You make up words or call things by another name.
My daughter recently left the flat iron turned on. When I mentioned it to her, I said, “Next time, don’t forget to turn off the fire-ling.” It took her a minute to understand what I meant, but it turned out that I’d invented a pretty cool word. And it’s not half as bad as hearing someone say, “Heigth” as in “length, width, heigth.” I’ve already coined a number of phrases in my life like “Frankendating” – the phenomenon of dating several guys at the same time because each has only one decent attribute, e.g. one is funny, one is smart, one is sexy; and “Lilypadding” – when someone jumps into a relationship the second after ending one.
Your words get twisted on their way out of your mouth.

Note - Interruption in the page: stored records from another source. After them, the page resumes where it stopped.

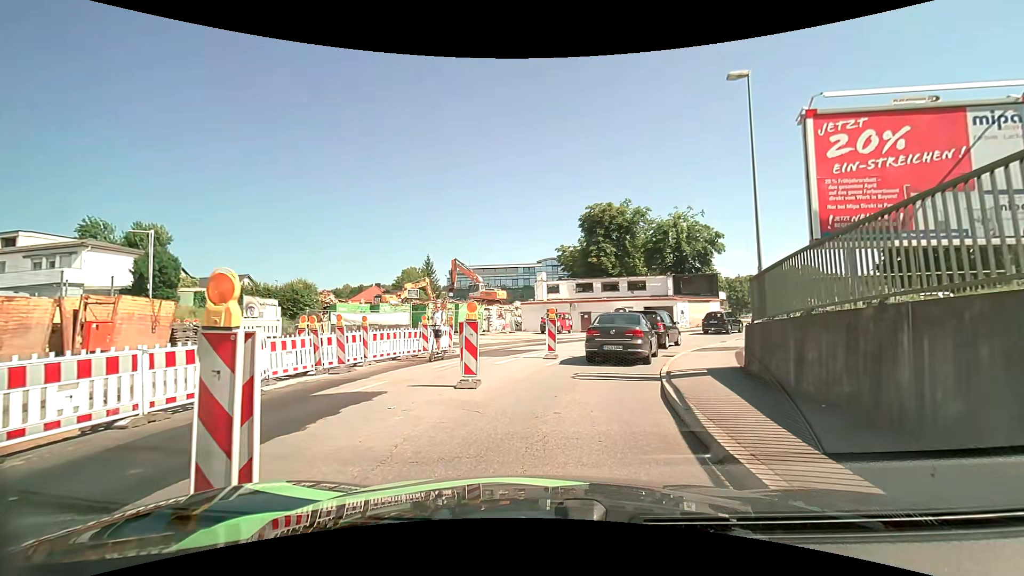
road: tertiary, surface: asphalt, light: Day
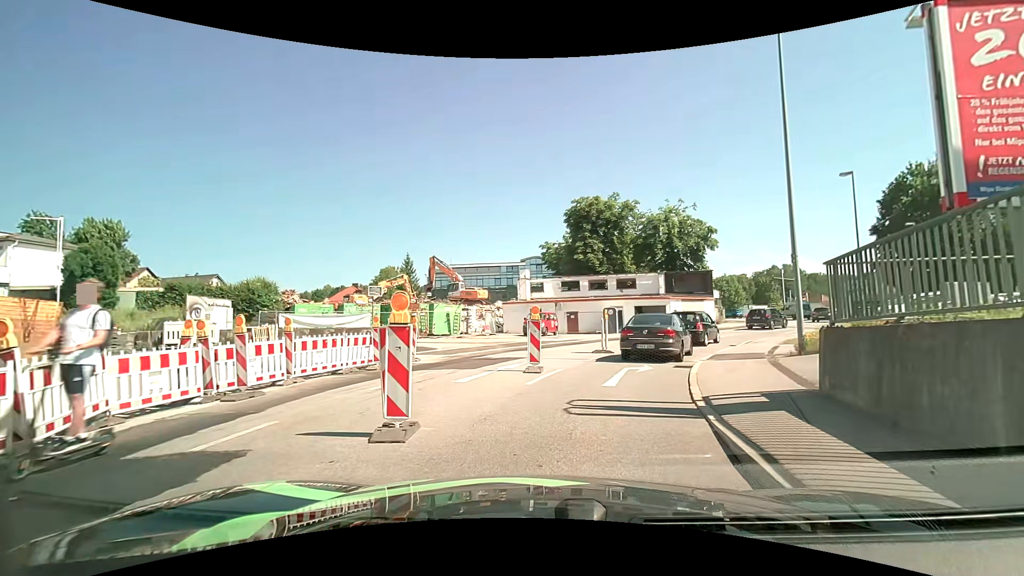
(0.0, +3.9) m; +2°
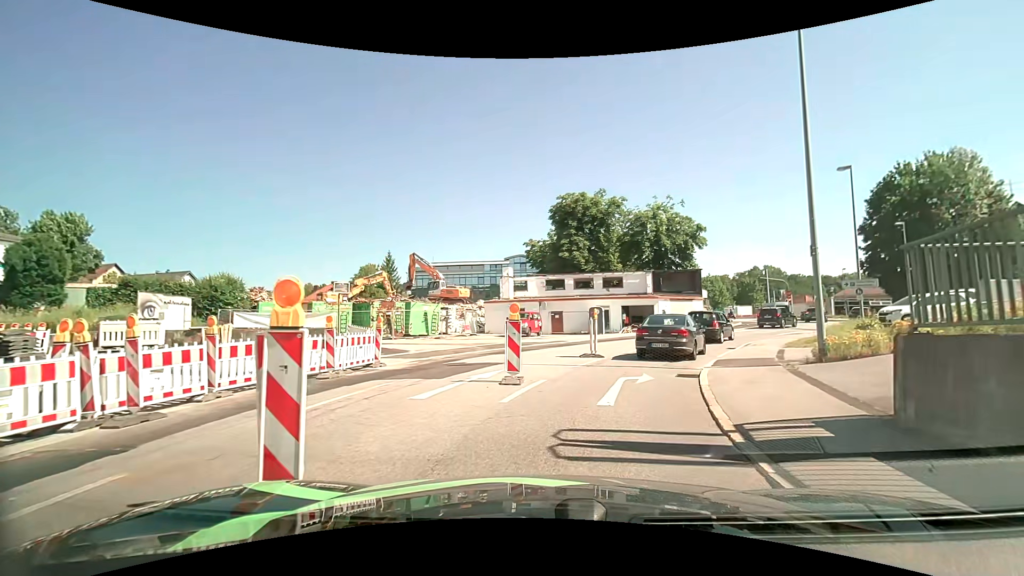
(0.0, +2.2) m; +1°
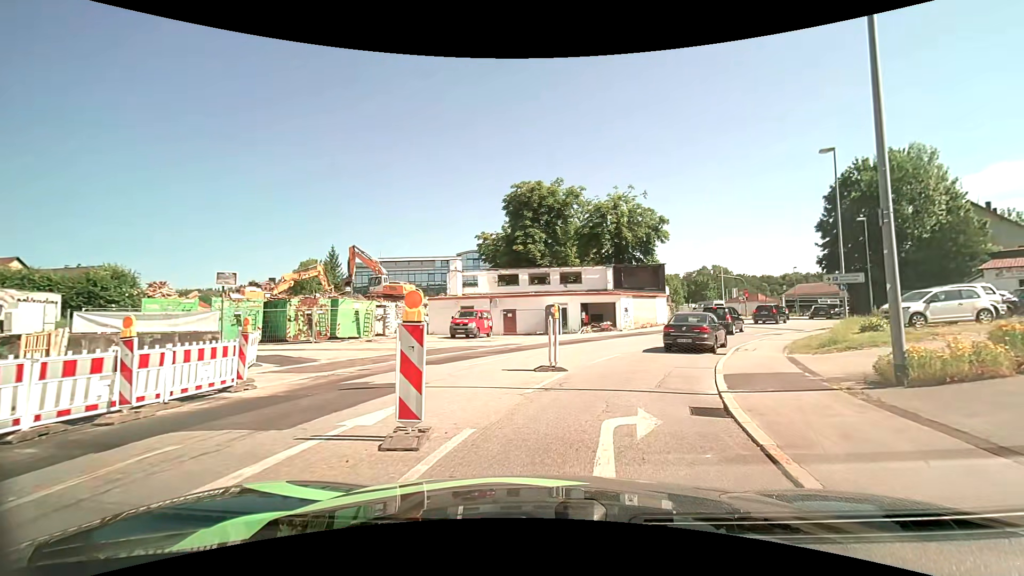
(+0.2, +4.8) m; +5°
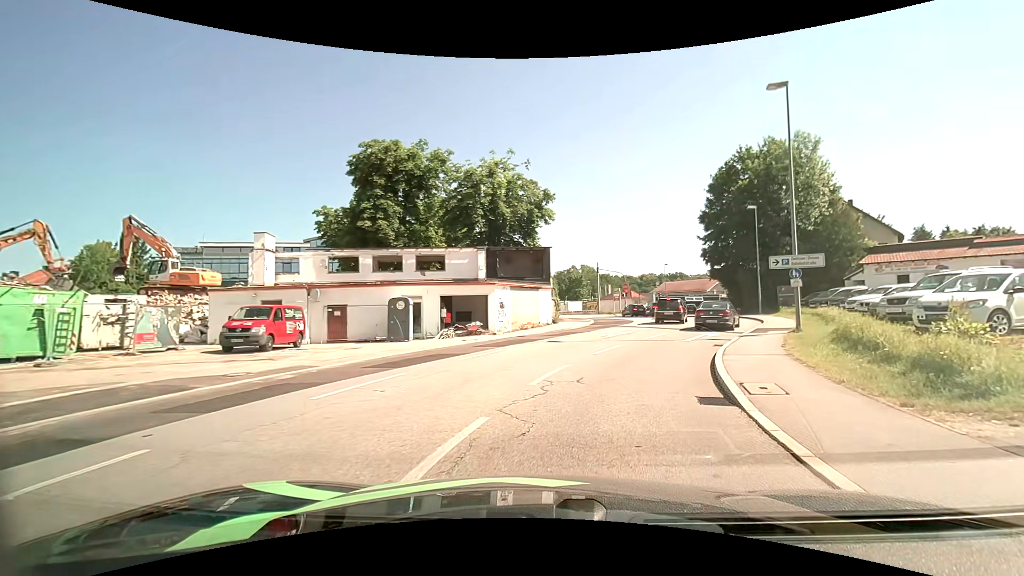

And speaking of getting off the train: When my daughter came up to see me, I asked her if “the crain was trowded.” I actually delight in these crazy twists of the tongue and when it happens, I will repeat them several times.
You mix up your metaphors
Just yesterday, I said, “I’ll burn that bridge when I come to it” and a few weeks ago, “That’s a horse from a different mother.” Well, at least I have an excuse. I remember a friend who was quite brilliant once said; “I’m not going to put all my chickens in one basket.” I guess it happens to the best of us.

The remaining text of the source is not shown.